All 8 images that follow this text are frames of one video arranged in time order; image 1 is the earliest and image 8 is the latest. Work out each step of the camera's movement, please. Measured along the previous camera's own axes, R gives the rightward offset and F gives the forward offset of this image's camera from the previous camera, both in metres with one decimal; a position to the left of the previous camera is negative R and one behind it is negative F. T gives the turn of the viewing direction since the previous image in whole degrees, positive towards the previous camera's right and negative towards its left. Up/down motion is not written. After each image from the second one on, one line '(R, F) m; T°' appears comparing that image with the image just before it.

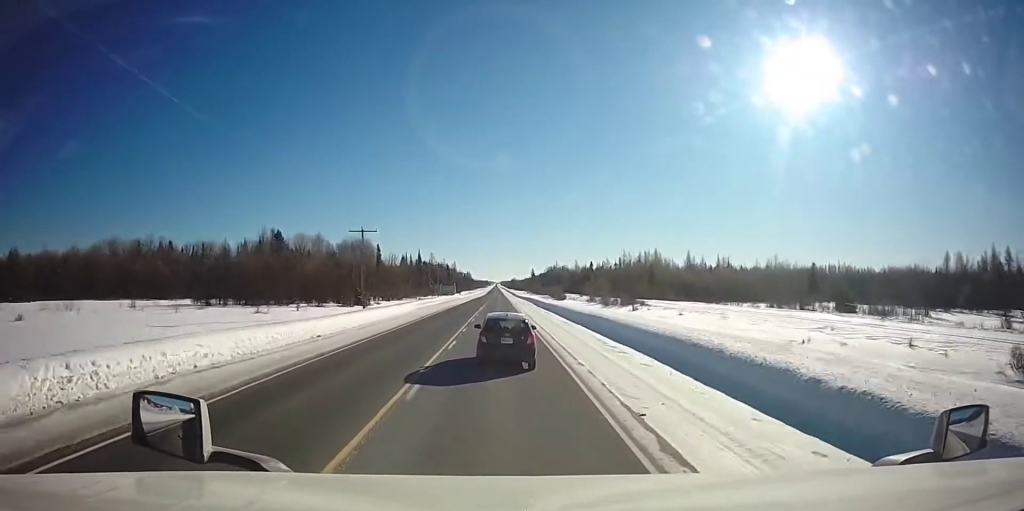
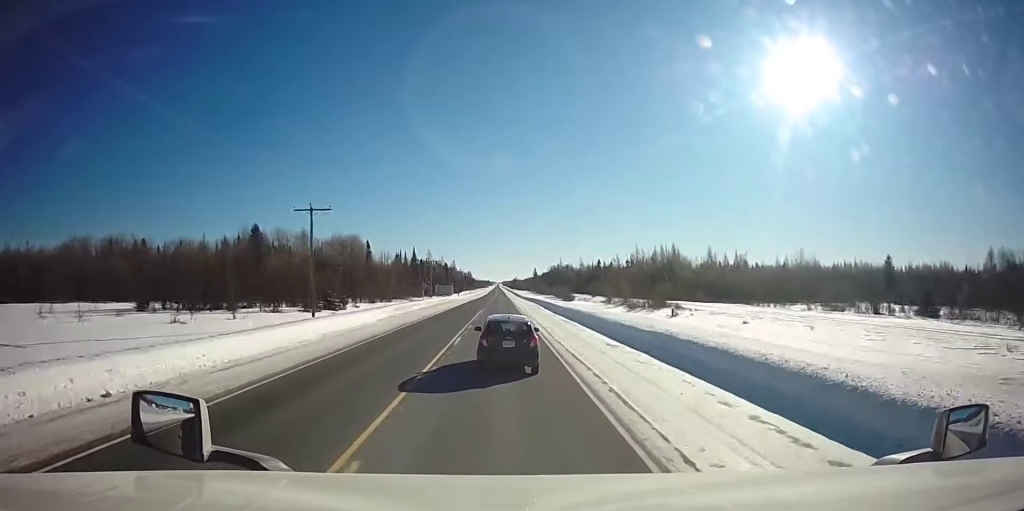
(0.0, +16.3) m; 0°
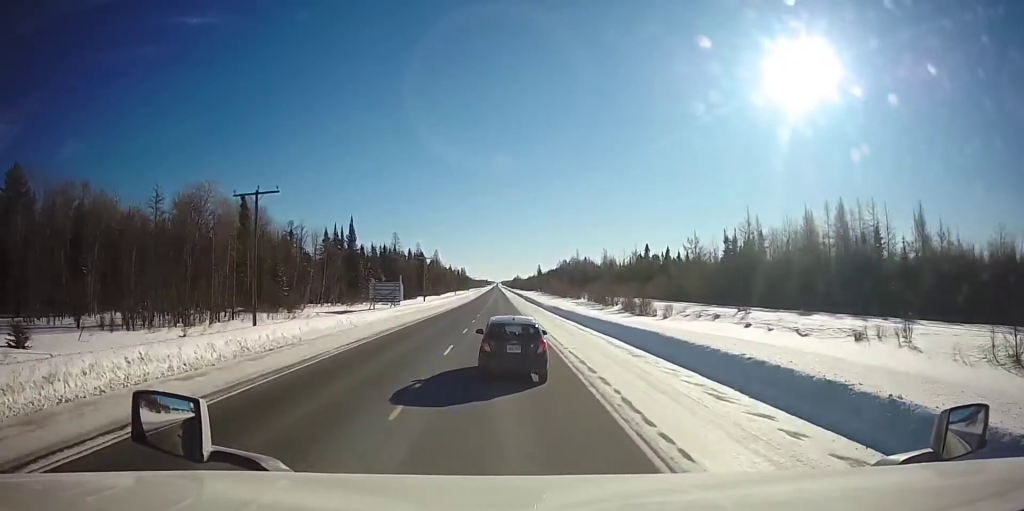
(-1.2, +82.7) m; -1°
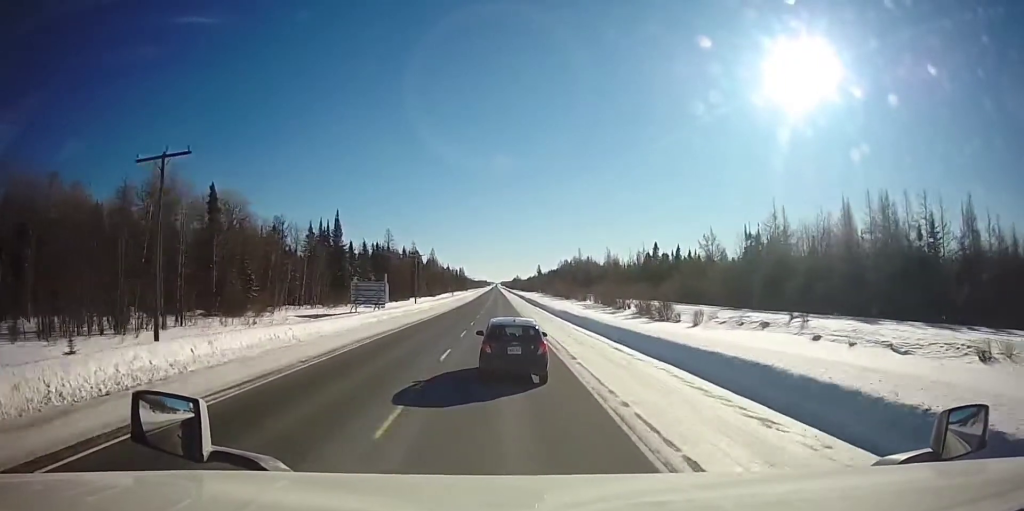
(0.0, +10.1) m; 0°
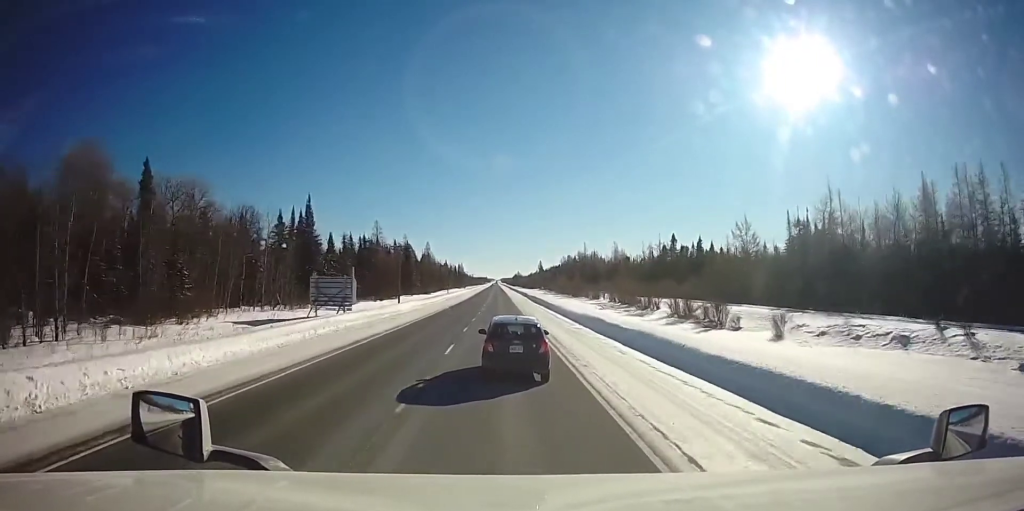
(+0.1, +16.3) m; +1°
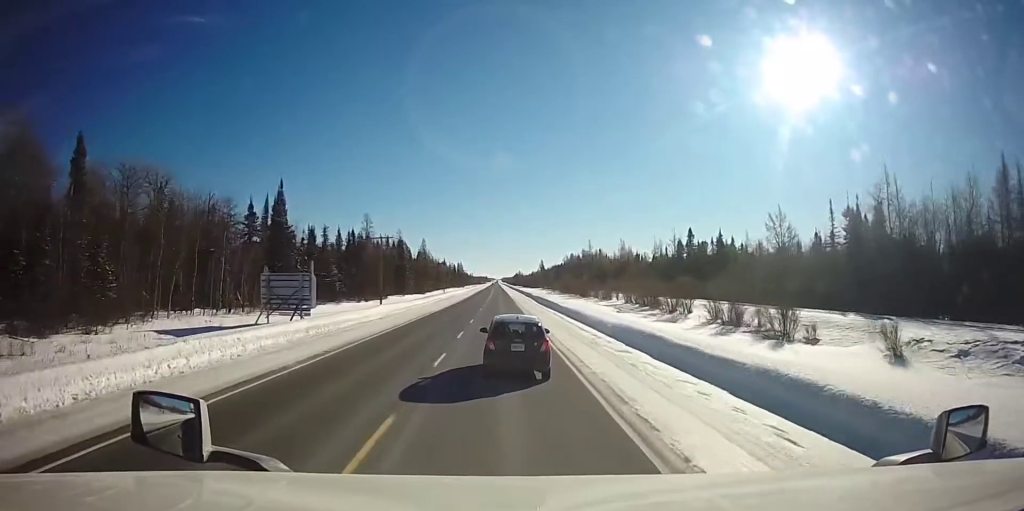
(+0.1, +12.2) m; 0°
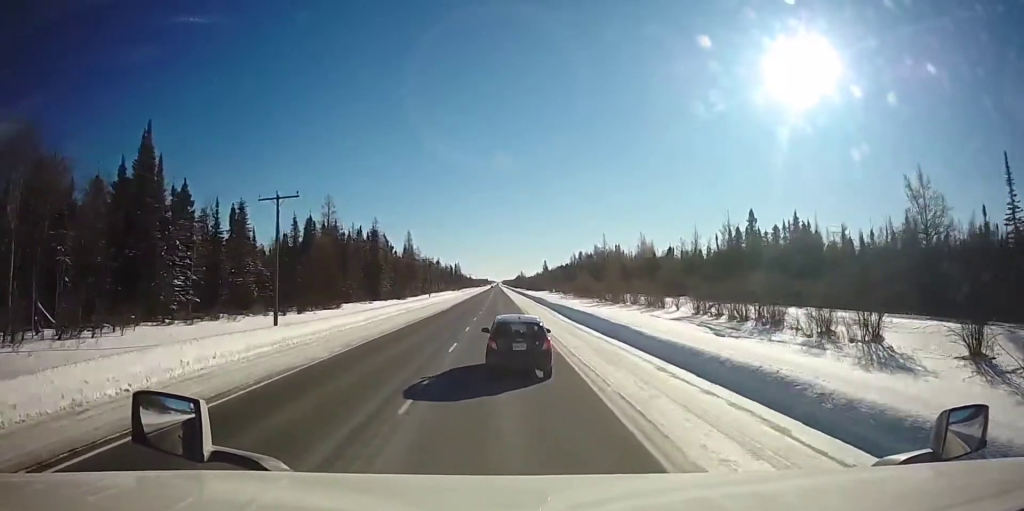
(0.0, +32.3) m; -1°
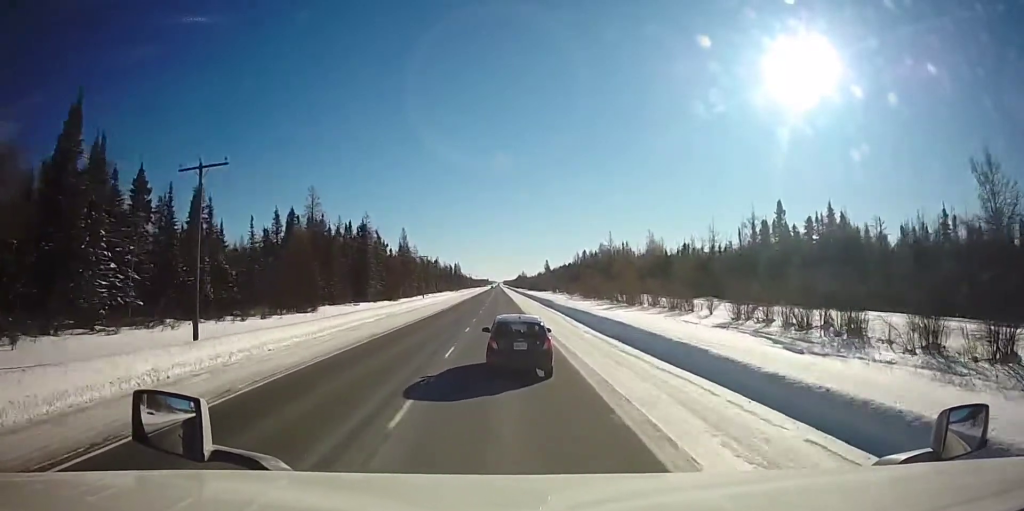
(-0.2, +10.0) m; 0°
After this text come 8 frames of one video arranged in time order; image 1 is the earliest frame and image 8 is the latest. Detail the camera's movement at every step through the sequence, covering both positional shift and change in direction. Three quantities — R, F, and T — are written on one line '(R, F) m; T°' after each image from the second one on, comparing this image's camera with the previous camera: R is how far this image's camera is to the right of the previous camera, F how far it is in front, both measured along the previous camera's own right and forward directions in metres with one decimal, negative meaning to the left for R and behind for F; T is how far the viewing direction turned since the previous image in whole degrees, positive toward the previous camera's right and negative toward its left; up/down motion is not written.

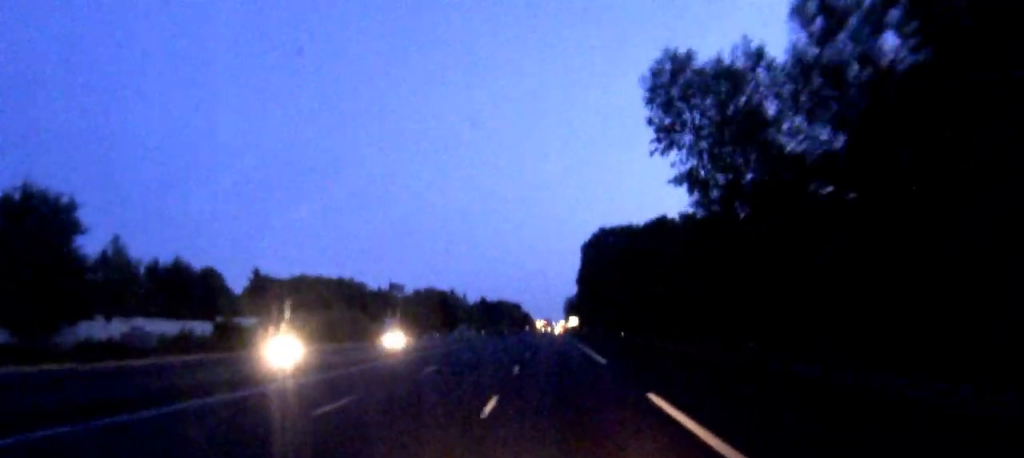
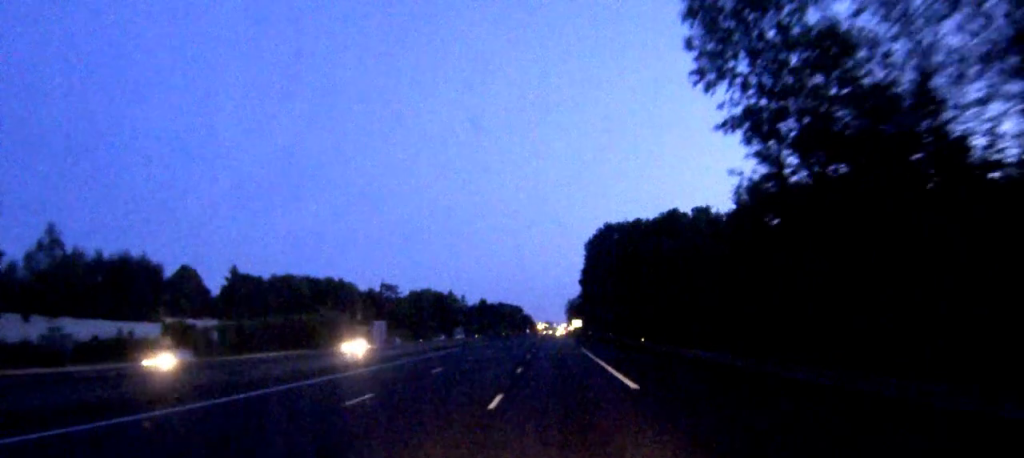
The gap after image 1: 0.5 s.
(+0.1, +11.0) m; 0°
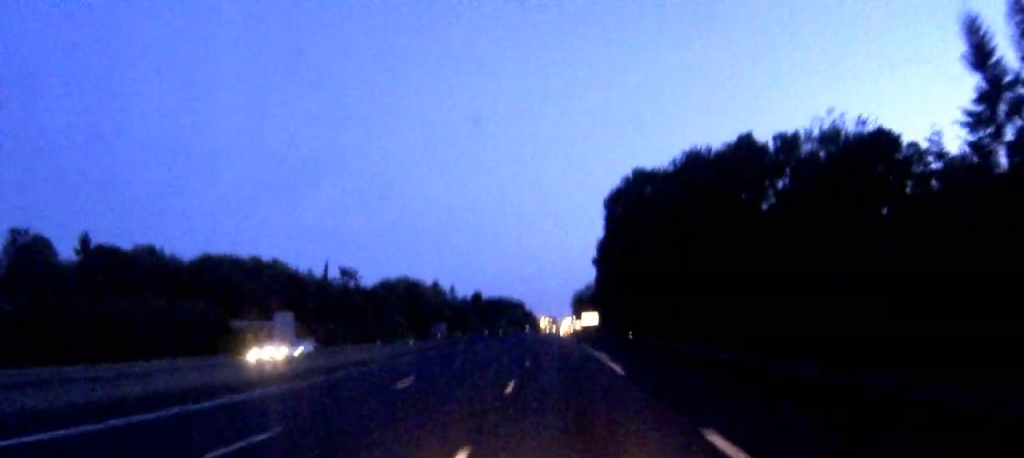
# # #
- _TASK BRIEF_
All records above should be duplicated exactly, with the pictures omitted.

- _EXPECTED ANSWER_
All 8 images that follow this text are frames of one video arranged in time order; image 1 is the earliest and image 8 is the latest. Work out each step of the camera's movement, please. Measured along the previous camera's own axes, R gives the rightward offset and F gives the forward offset of this image's camera from the previous camera, both in metres with one decimal; a position to the left of the previous camera is negative R and one behind it is negative F. T gives the turn of the viewing direction since the previous image in whole degrees, positive towards the previous camera's right and negative towards its left. Up/down motion is not written. After each image from the second one on, one line '(R, F) m; T°' appears comparing that image with the image just before it.

(0.0, +16.3) m; 0°
(-1.2, +82.7) m; -1°
(0.0, +10.1) m; 0°
(+0.1, +16.3) m; +1°
(+0.1, +12.2) m; 0°
(0.0, +32.3) m; -1°
(-0.2, +10.0) m; 0°
After this text come 8 frames of one video arranged in time order; image 1 is the earliest frame and image 8 is the latest. Detail the camera's movement at every step through the sequence, covering both positional shift and change in direction. Three quantities — R, F, and T — are written on one line '(R, F) m; T°' after each image from the second one on, comparing this image's camera with the previous camera: R is how far this image's camera is to the right of the previous camera, F how far it is in front, both measured along the previous camera's own right and forward directions in metres with one decimal, negative meaning to the left for R and behind for F; T is how far the viewing direction turned since the previous image in whole degrees, positive toward the previous camera's right and negative toward its left; up/down motion is not written.

The gap after image 1: 0.5 s.
(+0.1, +11.0) m; 0°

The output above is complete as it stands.